I know as many people who were not on HRT and got breast cancer as those who were on HRT. In fact, when I asked the radiologist doing my sonogram if she thought HRT gave me cancer, she said, “I see people on this table who are not on HRT with cancer and those who are on HRT and are 80 years old without.” Yes, others are going through awful, terrifying cancer treatments, but that does not negate your experience. Many of us may want to ignore this first real brush with mortality. But the fact is, any encounter with the Big C changes you. It does make you ask, “Am I living the life I want to live? Is there anything I need to change?” And it’s a good time to reassess and possibly reinvent. 

But talking about this “baby cancer” must be a regular part of our disclosure with friends and family. Here’s why: it’s so that if someone you know gets it, they won’t panic because they already know the hundreds of survivors like you and me in their company. 

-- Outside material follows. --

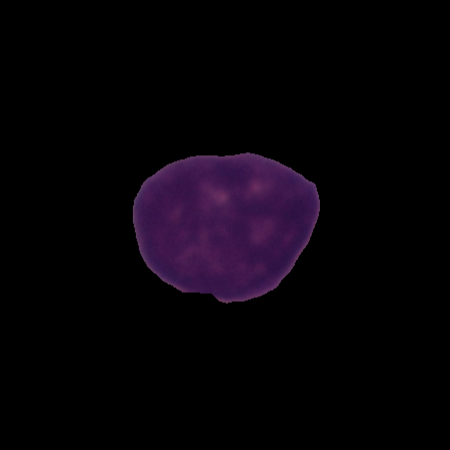
Label: cancer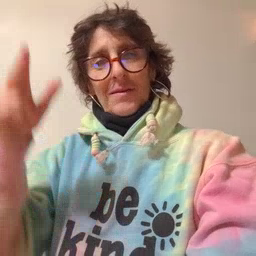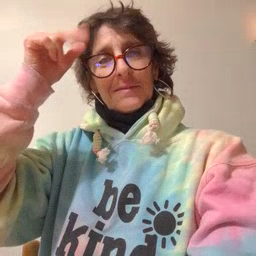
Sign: horse

What You Need to Know About Surviving Breast Cancer
Though I hope you never get diagnosed with breast cancer, here are a few critical things to know if you do:

  • Don’t put off your yearly mammogram. According to a recent MedStar Health survey, 59% of women over 40 say they “forgo the recommended routine exam on a yearly basis;” 23% have never had a mammogram! Please don’t let this be you. Catching cancer early really does change the outcome.
  • If you have dense breasts, insist on a follow up sonogram or MRI. The lump I felt was nothing. It was the MRI that picked up cancer. Later on, I heard from the NOLA PA that when the radiologist who did the MRI biopsy got the positive results she “freaked out” because even she didn’t think the spot was anything! 

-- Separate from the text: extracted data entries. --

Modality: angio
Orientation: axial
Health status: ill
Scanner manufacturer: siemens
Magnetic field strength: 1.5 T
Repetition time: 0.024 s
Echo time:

  • If something doesn’t feel right, push your doctors. If I hadn’t pushed my GP and the radiologist for next steps, I might be dealing with something harder to treat.  
  • Start with the best cancer center you can find. At MD Anderson, they say where you are treated first for cancer matters most. That’s because you never know if you’ll need a super-duper specialist to handle some funky variation (luckily mine was a boring, vanilla, everyday species). And you want deep, deep knowledge. MD Anderson claims to see more cancers in a day than many doctors see in a lifetime. I have friends with stage zero DCIS who were given six weeks of radiation compared to just one of mine. When I asked my radiologist why, she said, “Maybe they aren’t up on the latest research.” 
  • Don’t be afraid to ask questions. I’m a big researcher. That’s how I make my way in the world. Some of the doctors were surprised: “Wow, you’re really up on things.” None of them were challenged by my knowledge and were happy to explain whatever detail I needed.
  • Know that in many cases, cancer may not be an emergency. For me, part of the freak out was the slow pace of treatment. When I really dug into it, however, friends with MDs told me that the three weeks I would have had to wait for biopsies in NOLA wasn’t going to make a difference in outcome. What they did say, however, is that you can’t get those three weeks of awful worry back, either. Ask your provider: Is this an emergency or can we take our time for next steps?  
  • Reach out to your friends for help. If you’re over the age of 40, your friends or colleagues have been here already. They’re just not talking. Put it out there and see the survivors among you. I can tell you from experience, not all breast cancer is a death sentence.